The real selling point of Sylvie Verheyde’s interminable biographical drama Madame Claude, now streaming on Netflix, is its basis in fact. The titular madame, Fernande Grudet, rose from a provincial background to something of a self-styled aristocrat at the head of an exclusive brothel in Paris’s swanky 16th arrondissement, where, with a team of hand-picked call girls, she serviced a client list that included many movers and shakers in Parisian high-society. Through the interference of the Intelligence Services, the fallout of the Markovi? affair, and the general political turbulence of late-period Gaullism in the 60s and 70s, Grudet finds her sex empire threatened with ruin and herself facing public disgrace.
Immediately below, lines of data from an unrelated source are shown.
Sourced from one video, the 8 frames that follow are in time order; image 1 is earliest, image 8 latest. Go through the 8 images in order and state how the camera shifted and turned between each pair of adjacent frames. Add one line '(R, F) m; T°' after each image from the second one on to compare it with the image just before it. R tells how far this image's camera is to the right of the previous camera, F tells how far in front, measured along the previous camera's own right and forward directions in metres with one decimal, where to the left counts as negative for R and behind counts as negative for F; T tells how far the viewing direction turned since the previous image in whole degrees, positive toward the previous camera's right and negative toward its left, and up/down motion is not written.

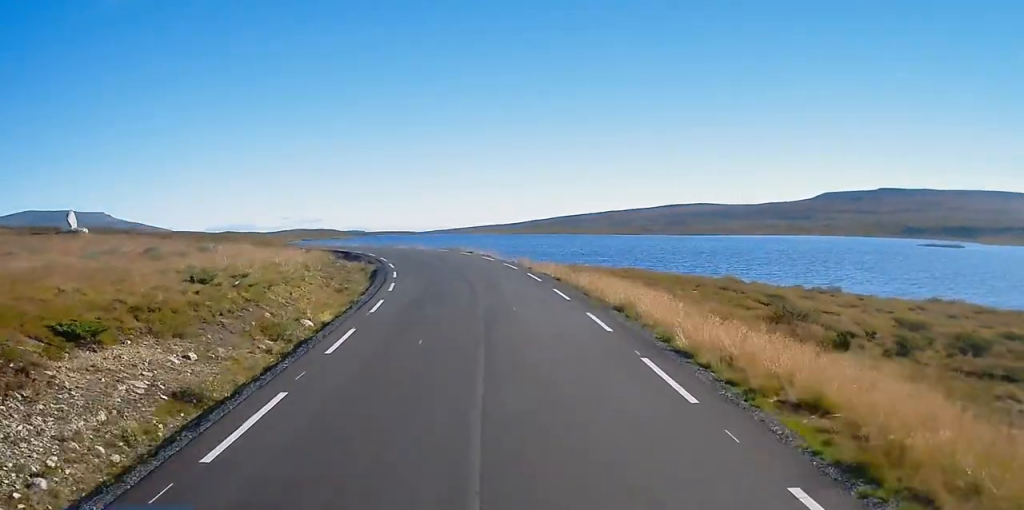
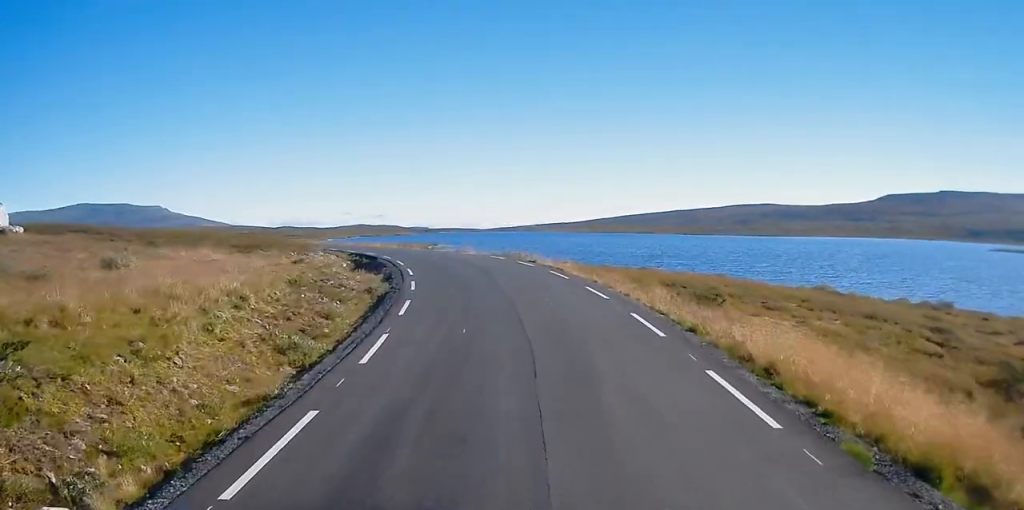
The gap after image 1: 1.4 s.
(-0.6, +13.0) m; -6°
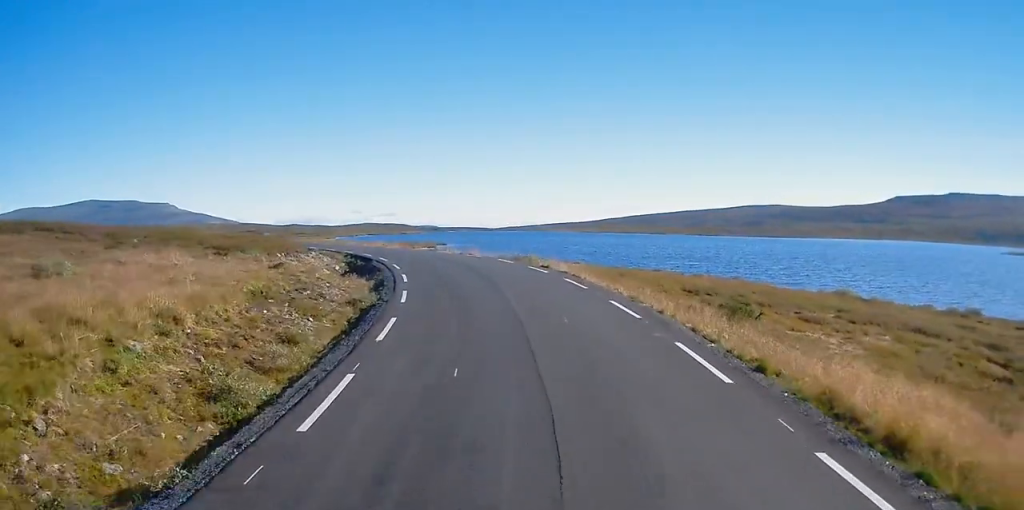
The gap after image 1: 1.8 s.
(-0.1, +3.9) m; -2°
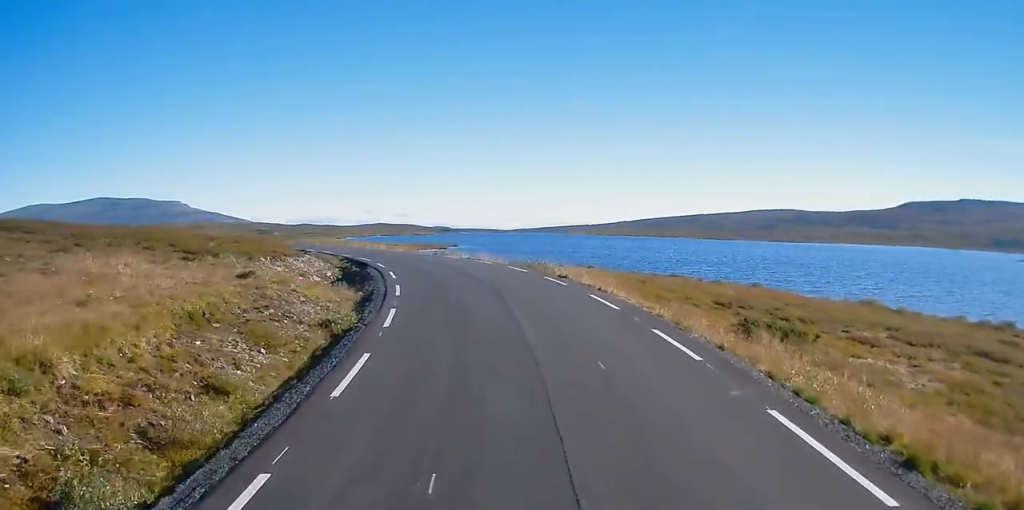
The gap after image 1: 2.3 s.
(0.0, +4.4) m; -2°
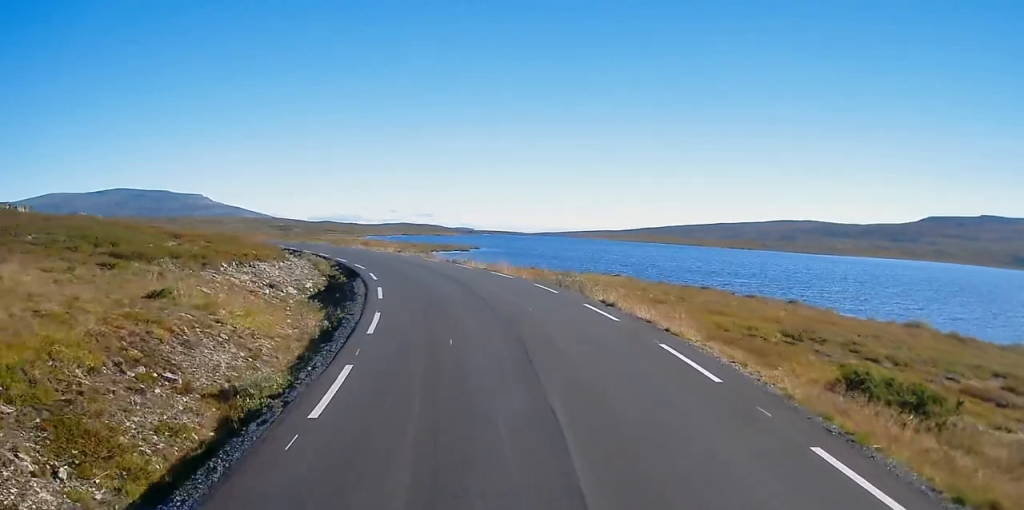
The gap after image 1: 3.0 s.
(-0.2, +7.2) m; -2°
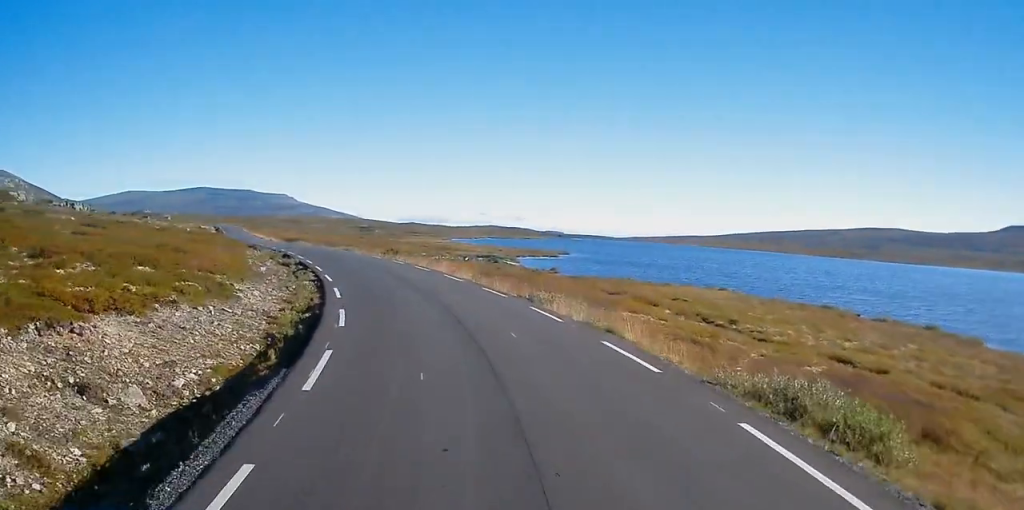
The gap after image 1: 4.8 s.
(-0.6, +16.5) m; -6°
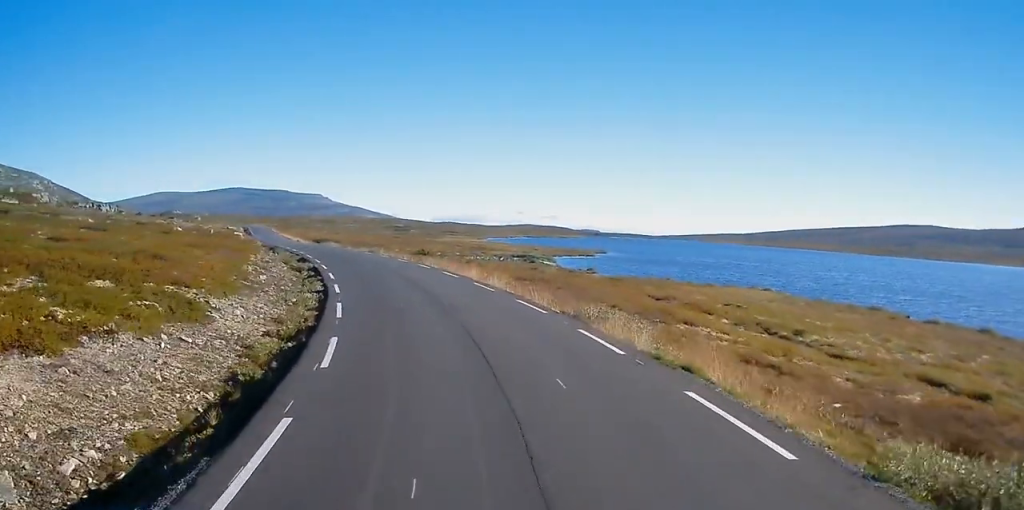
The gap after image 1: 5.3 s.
(-0.1, +4.4) m; -3°
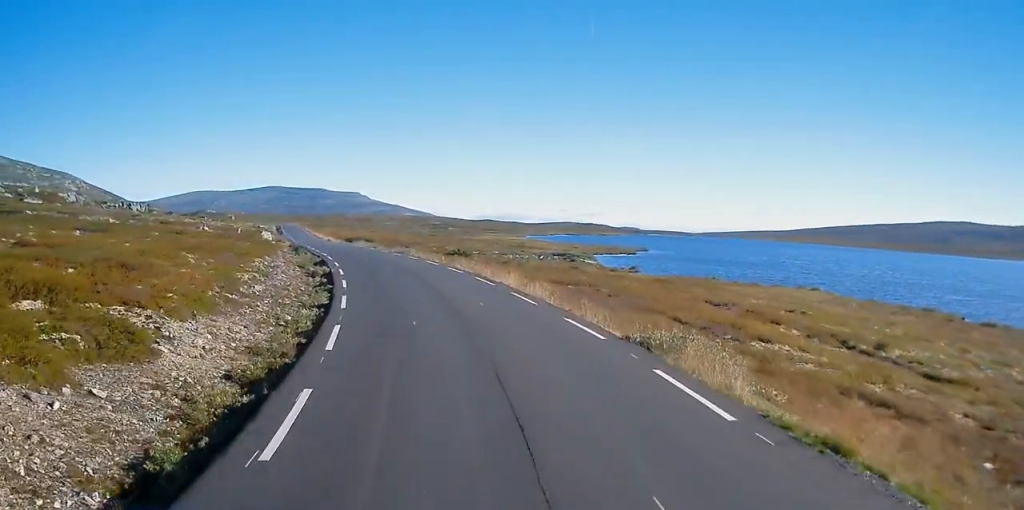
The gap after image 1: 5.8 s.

Like many powerful people from humble beginnings, Grudet was known to self-mythologize, but Madame Claude adopts an on-the-nose and verbose narration that lacks a lot of the true-or-false mystery in the real story. Contentious aspects of her background are left untouched or skimmed over. The film is primarily concerned with the present, introducing Grudet at the peak of her success, with her ideology most completely formed, and then allowing it all to spiral thanks to the interference of the state.

Since so much of this is skimmed over, the Madame Claude ending is a flurry of sequences, close to a montage, detailing what happened to her following being charged with tax evasion and fleeing France for America, only to be deported back to France to be arrested, in a lovely little irony, by the first female police lieutenant. In all this Grudet left her woefully neglected (and pregnant) biological daughter behind. The film’s script instead puts one of her atypical call-girls, Sidonie, into the role of surrogate daughter, and in the film’s closing moments we see her layout to Grudet during a phone call that she left because she was scared Grudet would hurt her how she hurts others and herself. She nonetheless thanks the madame for all she has done for her and says she loves her, as we see an older, grey-haired Grudet stroll along a beach. She passed away at the age of 92.